_MATERIAL SUPPLIED:_
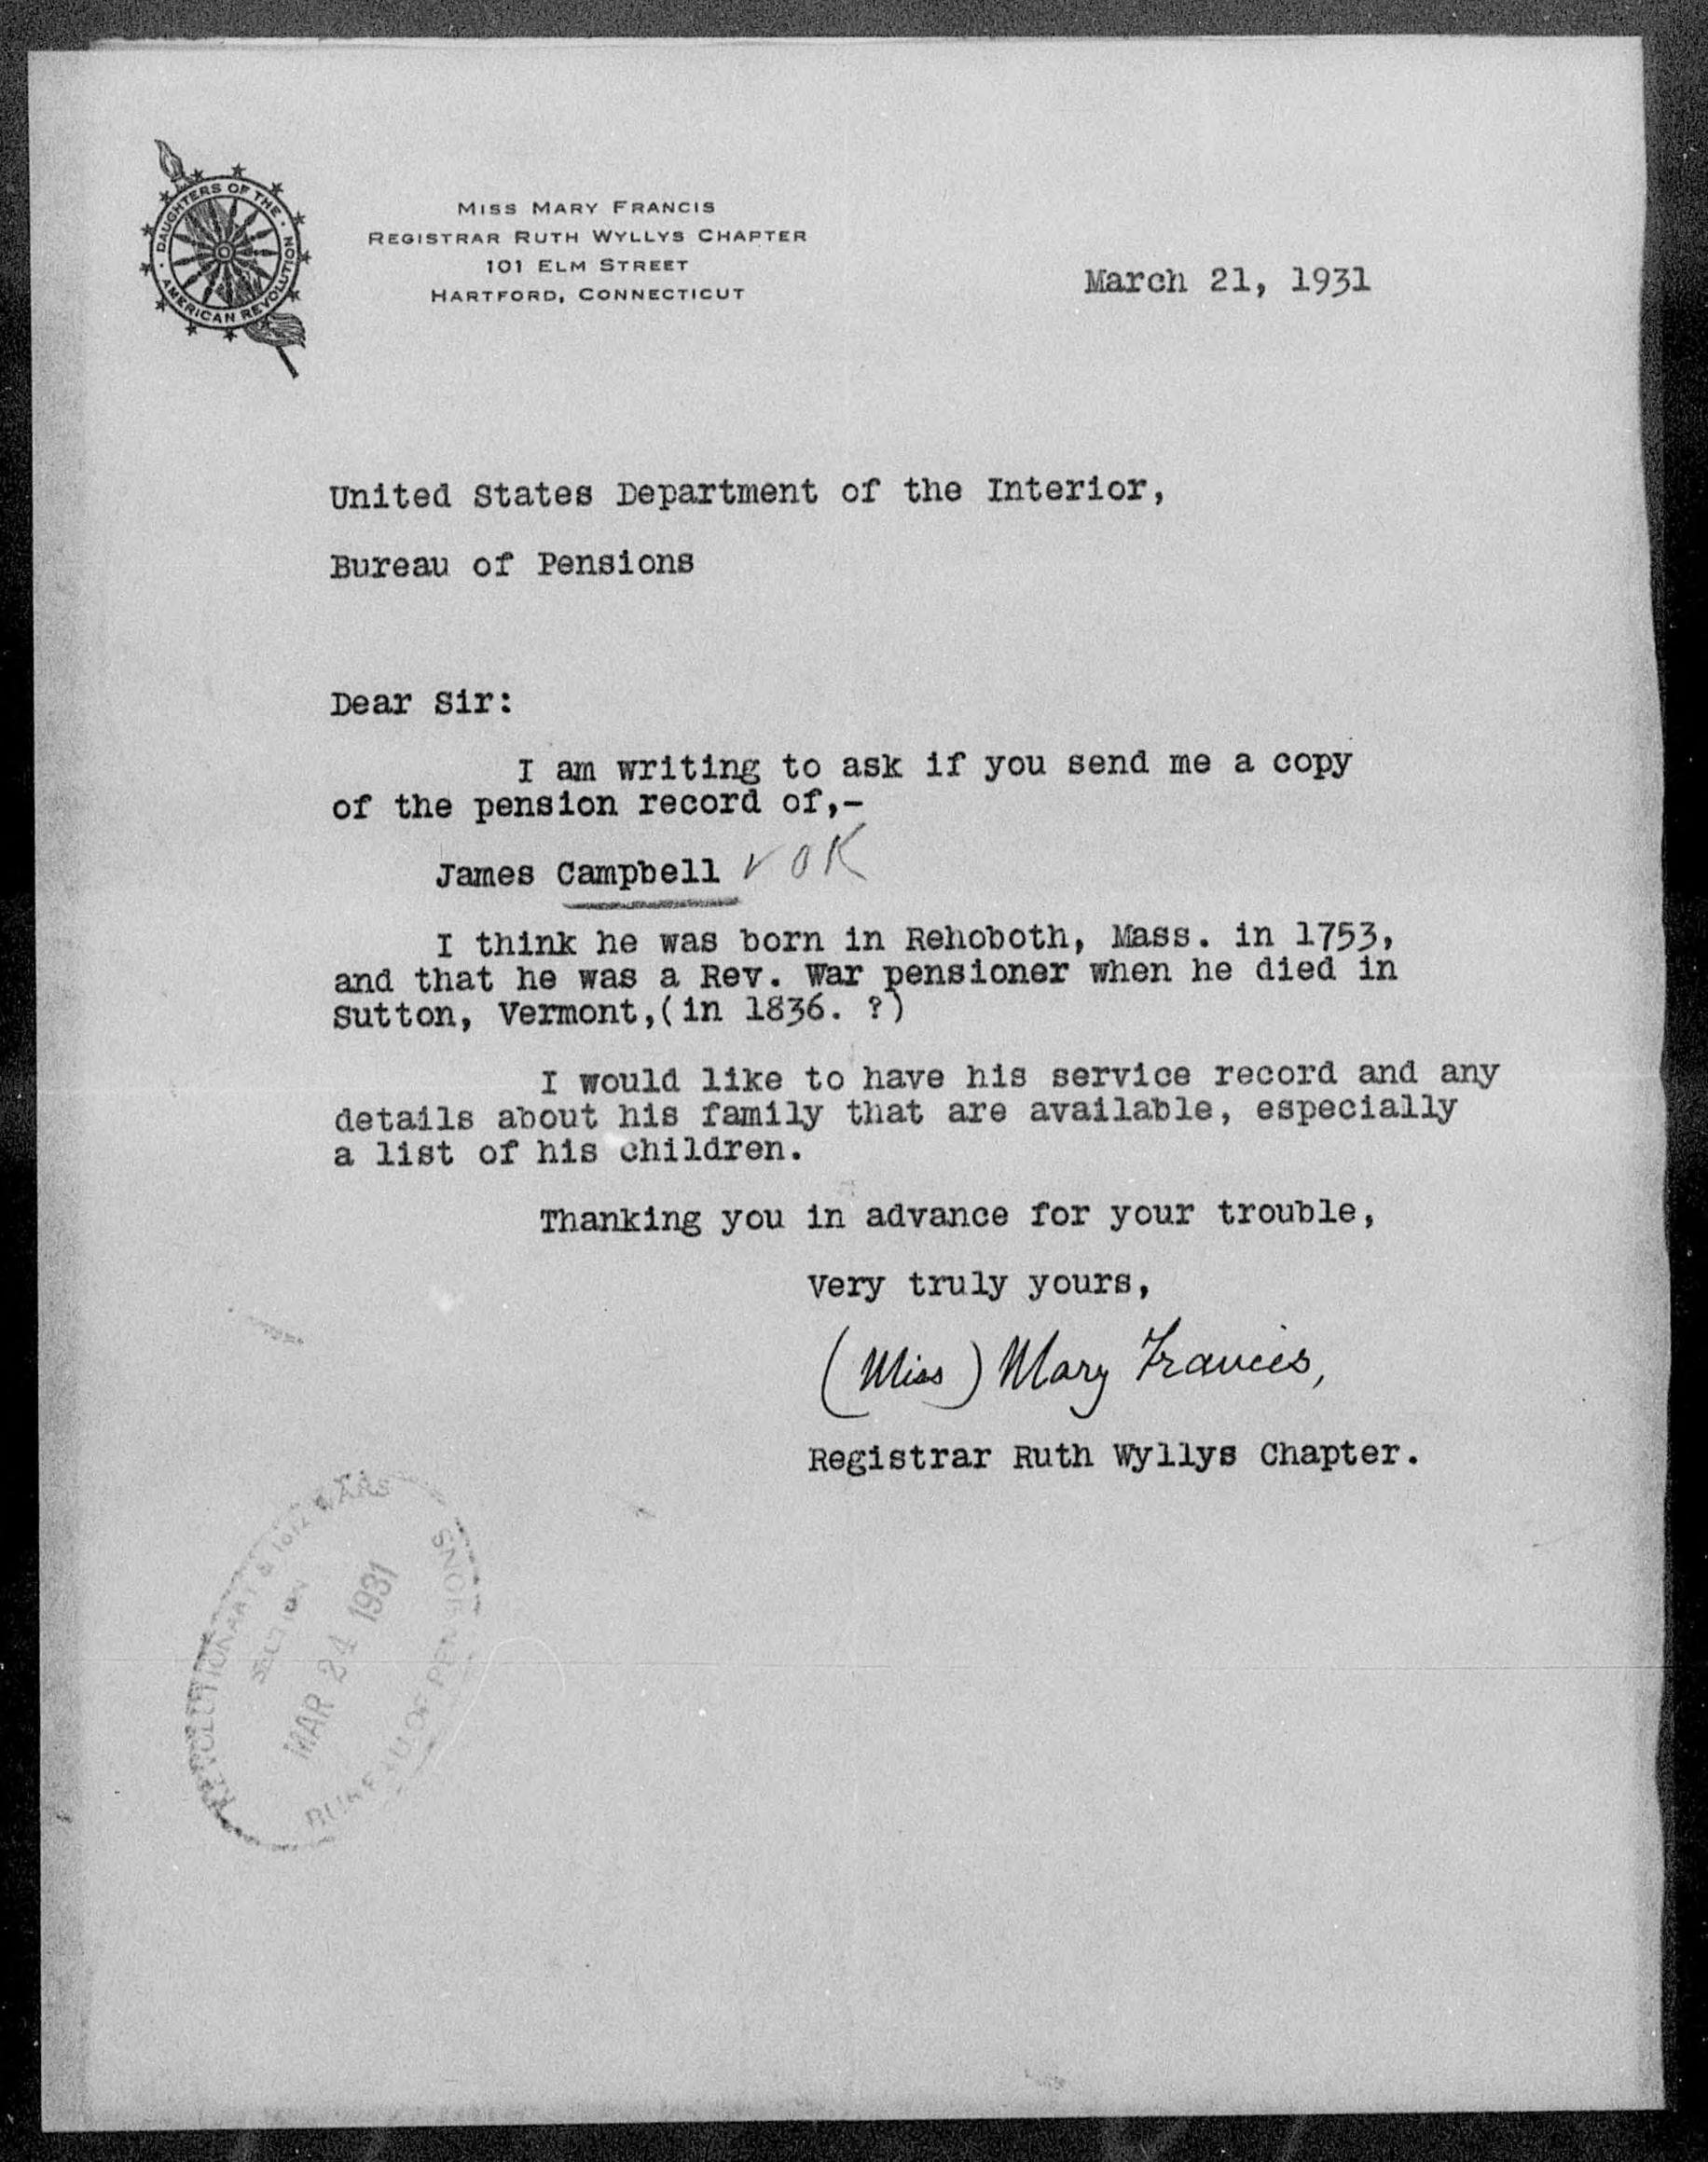(Letterhead Emblem:)
DAUGHTERS OF THE AMERICAN REVOLUTION

MISS MARY FRANCIS
REGISTRAR RUTH WYLLYS CHAPTER
101 ELM STREET
HARTFORD, CONNECTICUT

March 21, 1931

United States Department of the Interior,
Bureau of Pensions

Dear Sir:

I am writing to ask if you send me a copy
of the pension record of

James Campbell (check mark OF)

I think he was born in Rehoboth, Mass. in 1753,
and that he was a Rev. War pensioner when he died in Sutton, Vermont, (in 1836. ?)

I would like to have his service record and any
details about his family that are available, especially a list of his children.

Thanking you in advance for your trouble,
Very truly yours,
(Miss) Mary Francis
Registrar Ruth Wyllys Chapter.

(Oval Stamp:)
REVOLUTIONAY & 1812 WARS
SECTION
MAR 24 1931
BUREAU OF PENSIONS

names: Mary Francis, James Campbell, Mary Francis, Ruth Wyllys
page: 64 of 67
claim: widow's
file: W. 23772, James Campbell, Continental Mass.

_EXERCISE DIRECTIONS:_ Please return each line of the listing above that contains "Campbell".

_OUTPUT:_
James Campbell (check mark OF)
names: Mary Francis, James Campbell, Mary Francis, Ruth Wyllys
file: W. 23772, James Campbell, Continental Mass.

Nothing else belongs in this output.